→ PROMPT
All entries below are to be returned exactly, with pictures left out.

______________________________

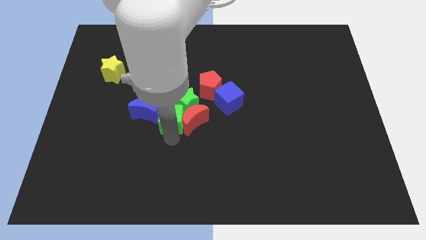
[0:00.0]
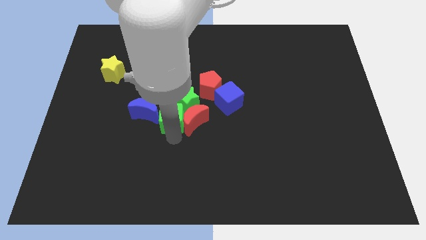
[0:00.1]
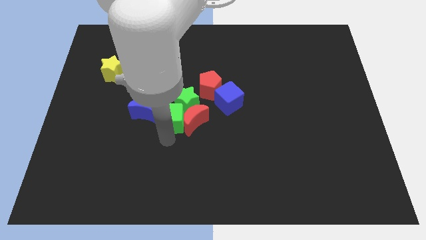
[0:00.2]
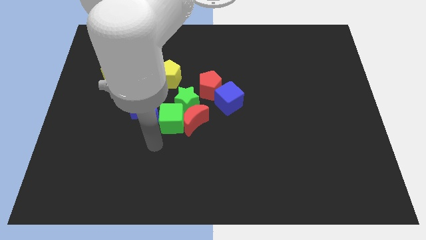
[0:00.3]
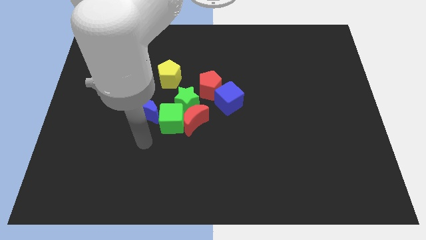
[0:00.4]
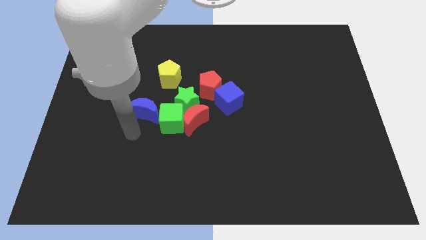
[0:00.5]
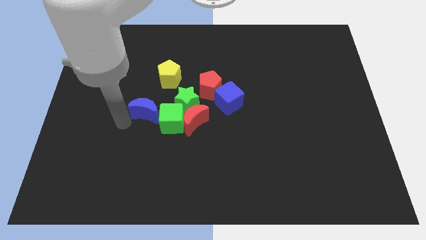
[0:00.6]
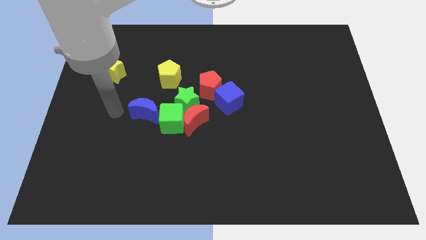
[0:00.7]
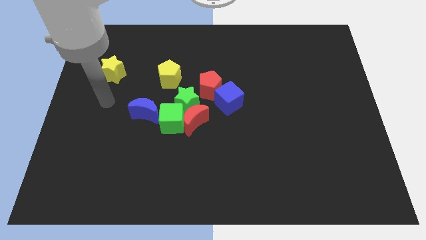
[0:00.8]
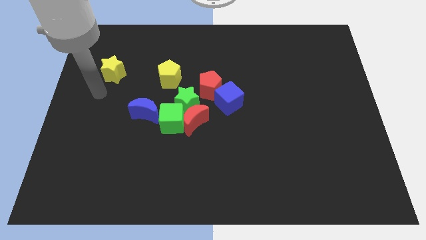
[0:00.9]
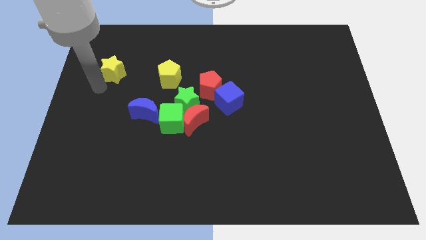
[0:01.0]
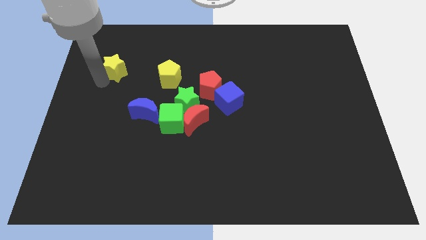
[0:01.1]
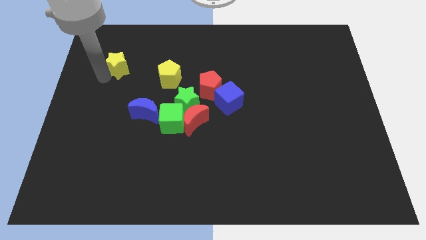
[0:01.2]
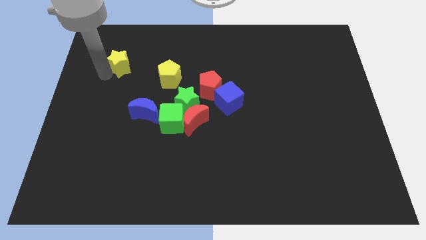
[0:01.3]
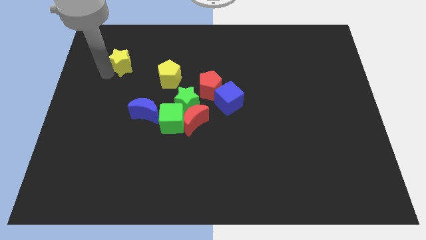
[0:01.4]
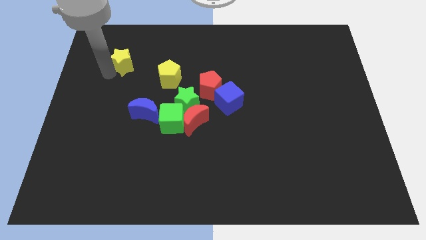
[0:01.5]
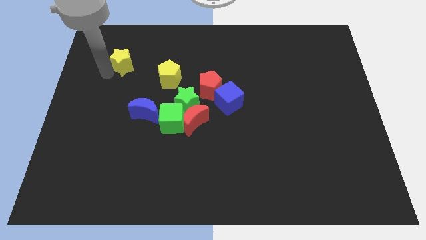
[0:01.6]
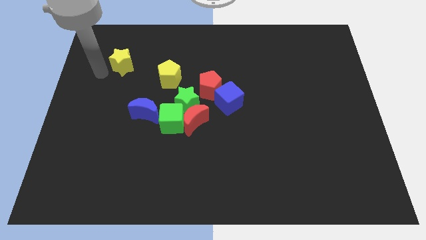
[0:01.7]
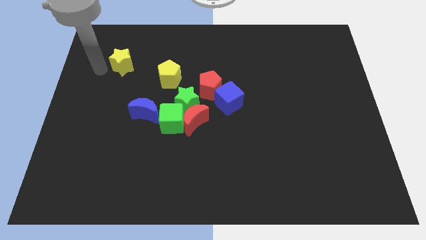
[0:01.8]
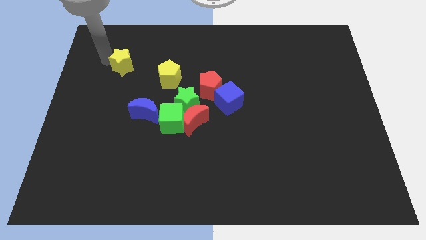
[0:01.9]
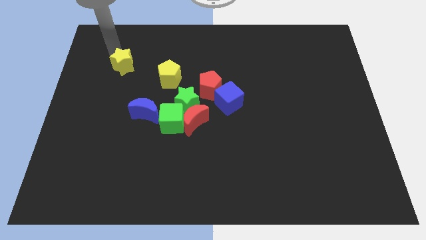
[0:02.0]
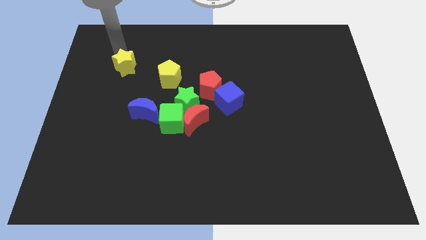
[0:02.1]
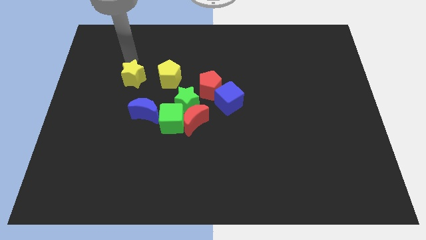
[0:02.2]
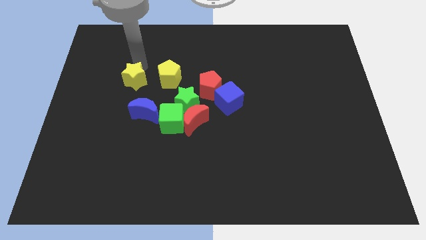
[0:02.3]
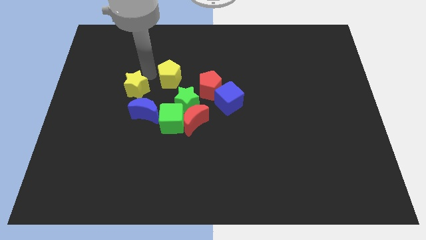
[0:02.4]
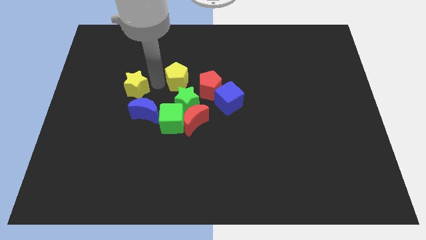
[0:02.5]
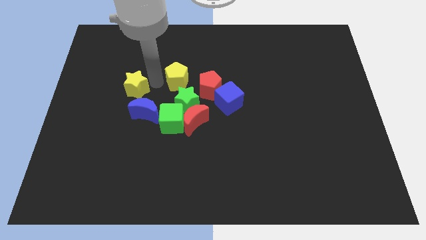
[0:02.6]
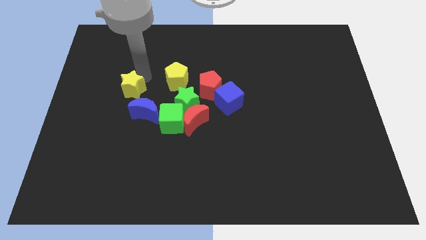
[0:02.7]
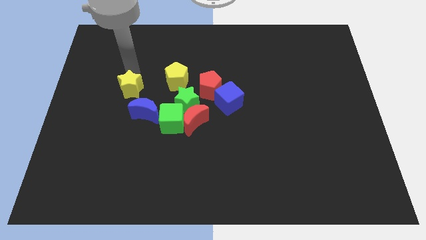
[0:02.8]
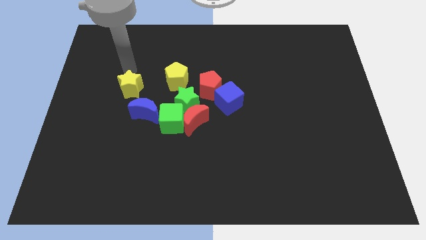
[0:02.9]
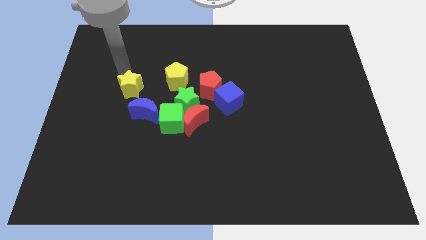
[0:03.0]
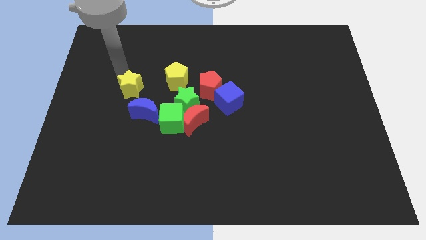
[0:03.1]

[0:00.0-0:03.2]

______________________________

→ PROBLEM SOLUTION
[0:00.0]
[0:00.1]
[0:00.2]
[0:00.3]
[0:00.4]
[0:00.5]
[0:00.6]
[0:00.7]
[0:00.8]
[0:00.9]
[0:01.0]
[0:01.1]
[0:01.2]
[0:01.3]
[0:01.4]
[0:01.5]
[0:01.6]
[0:01.7]
[0:01.8]
[0:01.9]
[0:02.0]
[0:02.1]
[0:02.2]
[0:02.3]
[0:02.4]
[0:02.5]
[0:02.6]
[0:02.7]
[0:02.8]
[0:02.9]
[0:03.0]
[0:03.1]

[0:00.0-0:03.2]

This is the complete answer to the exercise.